The Warmth of Sharing Meals
words + recipe by Linda Sarrisimages by Katie June Burton @katiefresca
I started working in the culinary world when I turned 25. Leaving an office job and transitioning into something that really made me happy was a big leap. Two things that I am discovering in my growth as an entrepreneur are that you need to take care of yourself and you need to foster relationships that strengthen you. Freelancers get caught up in the hustle (especially in New York City) oh too often. We have to hunt, search, and scrap for jobs. Every day is different but that is what makes it terrifyingly exciting.
Taking care of yourself could mean a balance of eating well, exercising, positivity and self love. Being my own best cheerleader, even when I think I'm bullshitting it, just keeps me moving forward. Surrounding yourself with strong people who lift you up is the second part; whether it's a mentor, a lover, a partner, a client or a friend -- we can't do it on our own. After cooking school, I was lucky to receive a scholarship that sent me to Sicily and into the hands of my mentor, Fabrizia. But it's no longer luck that keeps the adventure alive, it's the choices I'm making that allow me to build relationships, continue learning and growing.
While traveling in Sicily this fall, I had an opportunity to work the olive harvest in a town called Sambuca di Sicilia. What comforted my heart while being away from home was of course the satisfaction of eating local and seasonally but also the combination of warm Sicilian sun and even warmer people. Whether I was sitting on the ground in the shade of an olive tree splitting a panino and some pomegranates with a farmer or cooking together with friends sharing the meal with their family of perfect little loud Italian children in the comfort of their homes, eating together is a ritual that I love more than any other.

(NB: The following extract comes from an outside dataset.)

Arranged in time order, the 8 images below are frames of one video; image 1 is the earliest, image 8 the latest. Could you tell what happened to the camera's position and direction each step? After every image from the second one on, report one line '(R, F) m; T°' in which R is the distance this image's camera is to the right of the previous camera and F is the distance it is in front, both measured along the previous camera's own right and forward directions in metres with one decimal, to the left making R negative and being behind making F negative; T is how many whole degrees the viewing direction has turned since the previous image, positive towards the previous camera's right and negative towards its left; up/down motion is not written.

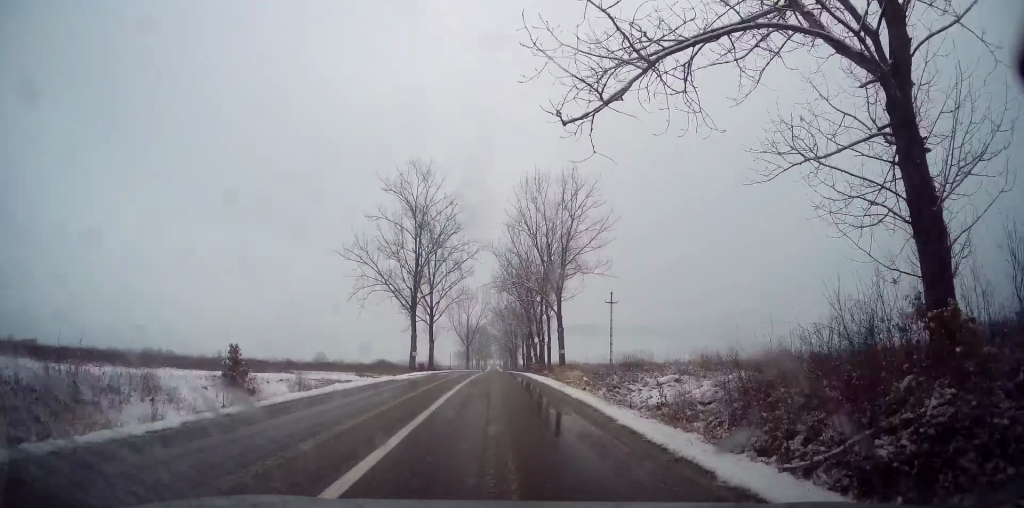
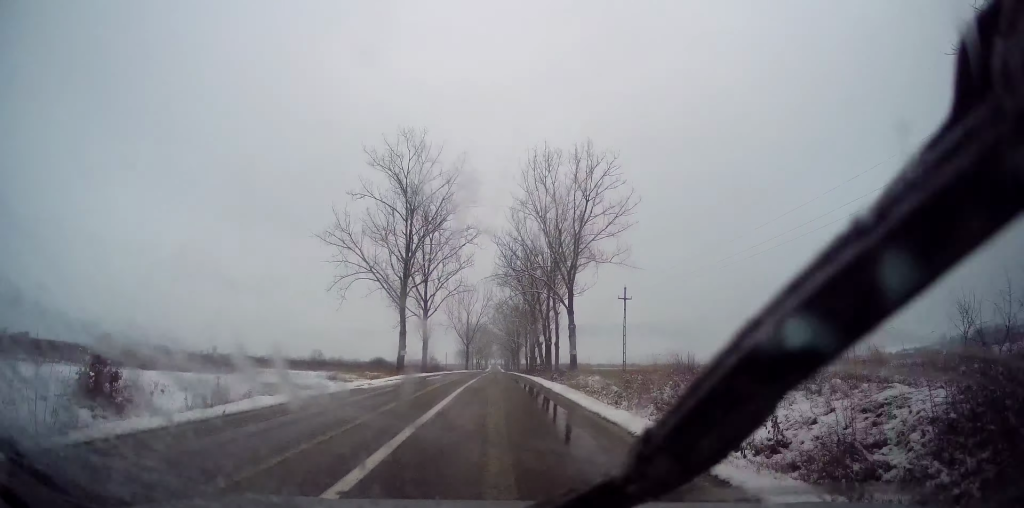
(0.0, +6.2) m; 0°
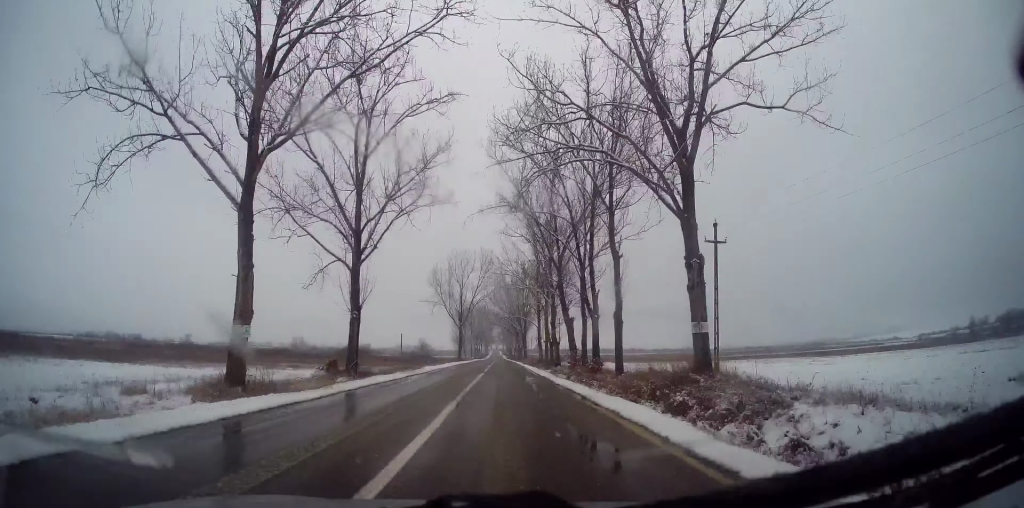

Most of the time, I'm the one in the kitchen but sharing meals or cooking together is the best way to comfort yourself, thank friends, cheer them up or celebrate! I usually save it for date number three with new guys. Risotto is something I make when I need to wash away the winter blues. I can whip it up with items from the pantry and it's always a crowd pleaser. The recipe is simple but requires focus. You need to dedicate your time and cannot be distracted with other things. In this vegetarian recipe, I use broccoli rabe paired with a new harvest Italian extra virgin olive oil and some stinky strong cheese on top. I like to add a squeeze of lemon juice at the end to brighten it up. The balance of bitter greens with high-quality oil and salty cheese are guaranteed to warm your belly.
Linda Sarris is a private chef who splits her time between Brooklyn and Italy. She finds inspiration from her badass female CEO clients and cooking mentors abroad. Linda travels often for research and work-study programs including an upcoming Sicilian food/wine tour with guests from May 6-12. Follow her culinary storytelling through instagram @thecheekychef and lindasarris.com.
RECIPE: Broccoli Rabe Risotto
- 1c. arborio or carnaroli rice
- 1 small red onion, finely diced
- 4T extra virgin olive oil
- 1/2c. white wine
- 3c. vegetable stock
- 2 bunches of broccoli rabe, 6c. of trimmed sprigs
- 3T unsalted butter
- 1/2c. parmigiano reggiano cheese, grated
- sea salt and flakey finishing salt
- black pepper
- funky cheese like pecorino, taleggio or an earthy castelrosso to finish the dish
Trim tough stems from the broccoli rabe and remove large outer leaves. Add the florets to a pot of heavily salted boiling water, cooking until bright green and softened. Blanch in ice water to stop the cooking, drain and set aside. In a wide flat-bottomed pan, heat the extra virgin olive oil on medium. Add the onion, cooking until softened and translucent. Meanwhile, heat the vegetable stock in a separate pot and grab a ladle. Add all of the rice to your risotto pan and stir to coat with the oil and onions. Toast for a few minutes then add the white wine to deglaze the pan. Sti continuously with a wooden spoon so the rice doesn't stick to the bottom, allow the wine to absorb a little bit into rice and burn off the rest.
Start adding 1 ladle of broth at a time until fully absorbed. Lower the heat to just simmering and always keep stirring. The whole process should take about 20 minutes. Cook to your desired doneness; the rice should stick to your teeth (al dente) but not feel too crunchy. Stir in the broccoli rabe for a few minutes just before the rice finishes cooking. Turn off the heat and finish with butter and grated cheese for the "mantecatura" step. Season with sea salt and black pepper to taste. The butter and cheese will melt and make the risotto creamy. Finish with a drizzle of good quality extra virgin olive oil, flakey sea salt and a few bits of funky cheese.
Cheeky's Risotto Notes:
- Measure 1 espresso cup of dry risotto rice per person. It's the perfect amount.
- Chop your onions smaller than the size of the rice.
- Wine, olive oil and salt are very important. Don't skimp on quality.
- Serve right away; both risotto and pasta waits for nobody.